Output list of neurons(excluding ounput layer).

neuron_count = [1, 2, 3, 5, 10]

Stairs

You can apply it defining shape as ‘stairs’. If number of layers more than four, then each two layers will have the same value, then it decreases.If the number of layers is smaller than four, then the value decreases every single layer.

+                      +
|                      |
 ---                ---
    |             |
     ---       ---
        |     |

Example input.

tr = train(1,'neg',temp,layers=6,neuron_max=10,shape='stairs')

Output list of neurons(excluding ounput layer).

neuron_count = [10, 10, 8, 8, 6, 6]

TEST

Once you’ve trained a model with train(), you can use it easily on any dataset:

test('text',data,'handle','model.json')

Or if you want to see an interactive scatter plot visualization with new y variable:

test('text',data,'handle','model.json',y_scatter='influence_score')

Whatever y_scatter is set as, will be set as the y-axis for the scatter plot.

To yield the scatter plot, you have to call it specifically:

test_result = test('text',data,'handle','model.json',y_scatter='influence_score')
test_result[1]

TEST ARGUMENTS

The only difference between the two modes of test() is if a scatter plot is called:

def test(X,data,labels,saved_model,y_scatter=False)
ARGUMENT REQUIRED INPUT DEFAULT
X variable/s in dataframe NA
data pandas dataframe NA
labels variable/s in dataframe NA
saved_model filename 5
y_scatter variable in dataframe ‘mean’

DATA

Dataset consisting of 10 minute samples of 80 million tweets:

data('election_in_twitter')

4,000 ad funded websites with word vectors and 5 categories:

data('sites_category_and_vec')

Data from both buy and sell side and over 10 other sources:

data('programmatic_ad_fraud')

9 years of monthly poll and unemployment numbers:

data('parties_and_employment')

120,000 tweets with sentiment classification from NLTK:

data('tweet_sentiment')

20,000 random tweets:

data('random_tweets')

DATA ARGUMENTS

The data command is provided for both convinience, and to give the user access to unique deep learning datasets.

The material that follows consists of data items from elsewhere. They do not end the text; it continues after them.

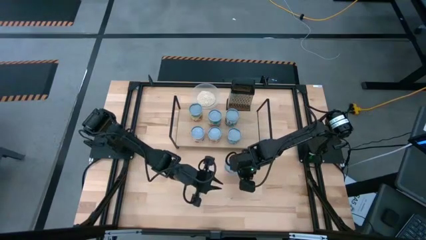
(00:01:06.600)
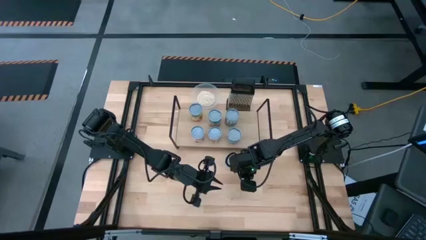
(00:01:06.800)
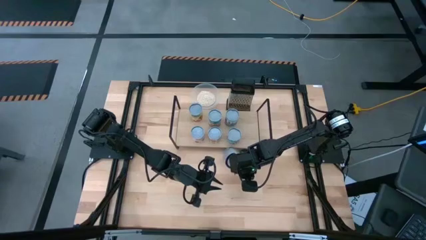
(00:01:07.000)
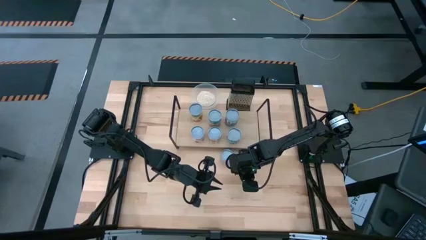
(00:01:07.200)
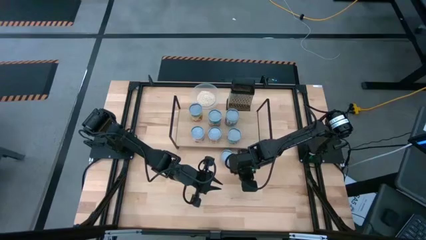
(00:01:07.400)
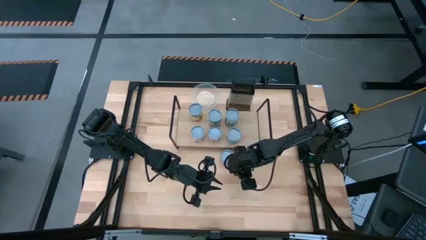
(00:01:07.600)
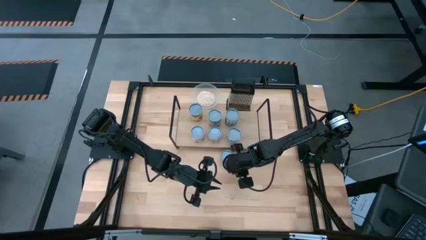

In addition to allowing access to Autonomio datasets, the function also supports importing from csv, json, and excel. The data importing function is for most cases we face, but is not intended as a replacement to pandas read functions:

def data(name,mode='default')
ARGUMENT REQUIRED INPUT DEFAULT
name dataset or filename NA
mode string (‘file’) NA

VALIDATION

TROUBLESHOOTING

One of the most common errors you get working with Keras is related with your output layer:

ValueError: Error when checking model target: expected dense_22 to have shape (None, 2) but got array with shape (1000,

This means that your neuron_last does not match the number of categories in ‘y’. Usually you would only see this with in cases where you have an output other than 1 or 0, or when you do have that but for some reason changed neuron_last to something else than 1 from train().

You could have a very similar error message from Keras if your dims is not same as the number of features:

ValueError: Error when checking model input: expected dense_1_input to have shape (None, 300) but got array with shape (1000, 1)

NOTE: Your dims number must be exactly the same as the number of features in your mode (‘x’) except with series of text as an input where the default setting 300 is correct.

If your dims (input layer) is smaller than output layer (neuron_last):

ValueError: Input arrays should have the same number of samples as target arrays. Found 100 input samples and 1 target samples.